═════ Provided information ═════
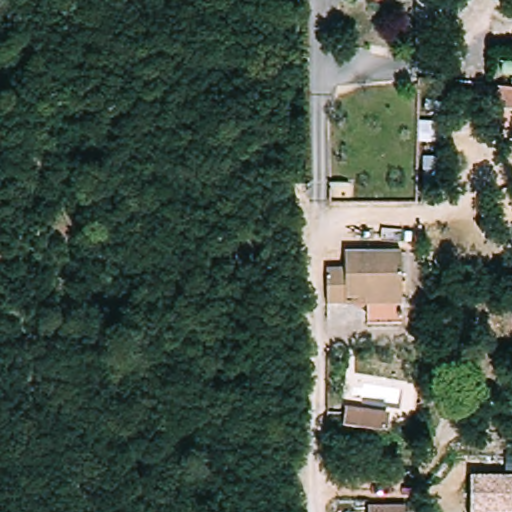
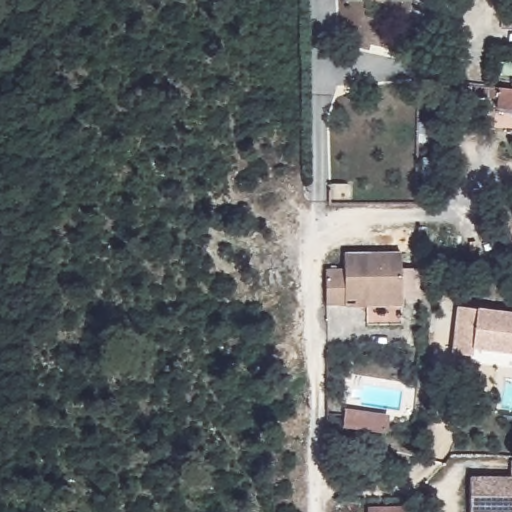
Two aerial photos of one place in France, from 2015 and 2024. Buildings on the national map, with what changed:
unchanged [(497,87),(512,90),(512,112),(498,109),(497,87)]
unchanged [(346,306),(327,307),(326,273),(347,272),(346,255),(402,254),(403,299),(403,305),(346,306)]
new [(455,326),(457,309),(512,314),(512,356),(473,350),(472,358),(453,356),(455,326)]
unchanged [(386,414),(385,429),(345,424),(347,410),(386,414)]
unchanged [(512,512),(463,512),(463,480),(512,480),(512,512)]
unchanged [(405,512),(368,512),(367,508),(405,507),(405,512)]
═════
The full material above must be output verbatim, minus any pictures.

◆ Response to this exercise:
Two aerial photos of one place in France, from 2015 and 2024. Buildings on the national map, with what changed:
unchanged [(497,87),(512,90),(512,112),(498,109),(497,87)]
unchanged [(346,306),(327,307),(326,273),(347,272),(346,255),(402,254),(403,299),(403,305),(346,306)]
new [(455,326),(457,309),(512,314),(512,356),(473,350),(472,358),(453,356),(455,326)]
unchanged [(386,414),(385,429),(345,424),(347,410),(386,414)]
unchanged [(512,512),(463,512),(463,480),(512,480),(512,512)]
unchanged [(405,512),(368,512),(367,508),(405,507),(405,512)]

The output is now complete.